Henry Pelham  (25 September 1694 – 6 March 1754) was a British Whig statesman who served as 3rd Prime Minister of Great Britain from 1743 until his death in 1754. He was the younger brother of Thomas Pelham-Holles, 1st Duke of Newcastle, who served in Pelham's government and succeeded him as prime minister. Pelham is generally considered to have been Britain's third prime minister, after Robert Walpole and the Earl of Wilmington.

Pelham's premiership was relatively uneventful in terms of domestic affairs, although it was during his premiership that Great Britain experienced the tumult of the 1745 Jacobite uprising. In foreign affairs, Britain fought in several wars. On Pelham's death, his brother Newcastle took full control of the British government.

Early life
Pelham, Newcastle's younger brother, was a younger son of Thomas Pelham, 1st Baron Pelham, and his wife, the former Grace Pelham, Baroness Pelham of Laughton, the daughter of Gilbert Holles, 3rd Earl of Clare, and Grace Pierrepont. He was educated at Westminster School, and matriculated at King's College, Cambridge at Easter 1709, then migrated to Hart Hall, Oxford (the present-day Hertford College), matriculating on 6 September 1710, upon the appointment of his tutor Richard Newton as Principal of Hart Hall.
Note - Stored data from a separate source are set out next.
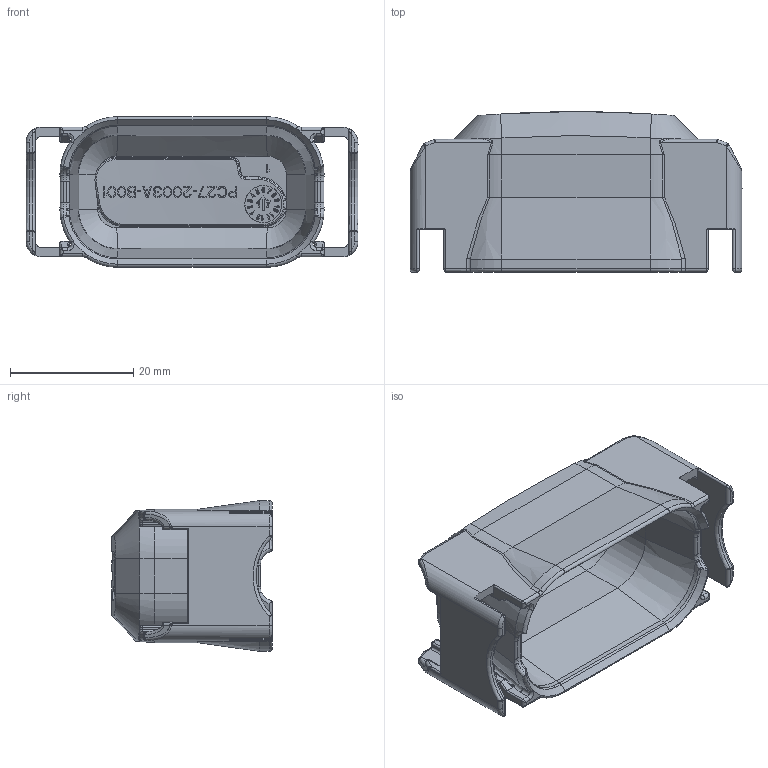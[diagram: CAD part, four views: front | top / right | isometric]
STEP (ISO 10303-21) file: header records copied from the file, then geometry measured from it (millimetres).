
FILE_DESCRIPTION((''),'2;1');
FILE_NAME('SC27-2003A-B001_NCF_ASM','2021-02-16T18:01:04',('jwisneski'),(''),'CREO PARAMETRIC BY PTC INC, 2017110','CREO PARAMETRIC BY PTC INC, 2017110','');
FILE_SCHEMA(('CONFIG_CONTROL_DESIGN'));
Products named in the file (2): PC27-2003A-B001_NCF; SC27-2003A-B001_NCF_ASM
Assembly tree (1 placements, depth 2):
  SC27-2003A-B001_NCF_ASM
    PC27-2003A-B001_NCF
Bounding box: 53.81 x 26 x 24.41 mm (x, y, z)
Volume: 6574.2 mm3; surface area: 8865 mm2
Topology: 1 solids, 1 shells, 1434 faces, 3708 edges, 2325 vertices
Faces by surface type: plane 588, bspline 474, cylinder 284, torus 60, cone 28
Entity records: 63720 total; most frequent: CARTESIAN_POINT 33444, ORIENTED_EDGE 7416, DIRECTION 4462, EDGE_CURVE 3708, VERTEX_POINT 2325, B_SPLINE_CURVE_WITH_KNOTS 1727, AXIS2_PLACEMENT_3D 1518, EDGE_LOOP 1487

As a volunteer he served in Dormer's regiment at the Battle of Preston in 1715 and spent some time on the Continent. He was returned as Member of Parliament for Seaford in Sussex by his brother, the Duke of Newcastle, at a by-election on 28 February 1717 and represented it until 1722.

Career

Government
Through strong family influence, and the recommendation of Robert Walpole, he was chosen in 1721 as Lord of the Treasury. At the 1722 general election he was returned as MP for Sussex county. In 1724 he entered the ministry as Secretary at War, but this office he exchanged in 1730 for the more lucrative one of Paymaster of the Forces. He made himself conspicuous by his support of Walpole on the question of the excise. He, Newcastle, and the Prime Minister would often meet at Houghton Hall in Norfolk, where they would draw up much of the country's policy. These meetings became known as the Norfolk Congress. With Walpole, he served as a founding governor of the popular charity the Foundling Hospital when it opened its doors in 1739. Like his brother, the Duke of Newcastle, Pelham was an active freemason of the Premier Grand Lodge of England, active alongside John Theophilus Desaguliers.

In 1742 a union of parties resulted in the formation of an administration in which Pelham became Prime Minister the following year, succeeding the Earl of Wilmington after his death.

Prime Minister

The first year of Pelham's premiership is regarded as a continuation of the Carteret ministry, with Lord Carteret continuing as Secretary of State for the Northern Department with responsibility for foreign affairs; Carteret was close to King George II. Pelham served as First Lord of the Treasury, Chancellor of the Exchequer and Leader of the House of Commons.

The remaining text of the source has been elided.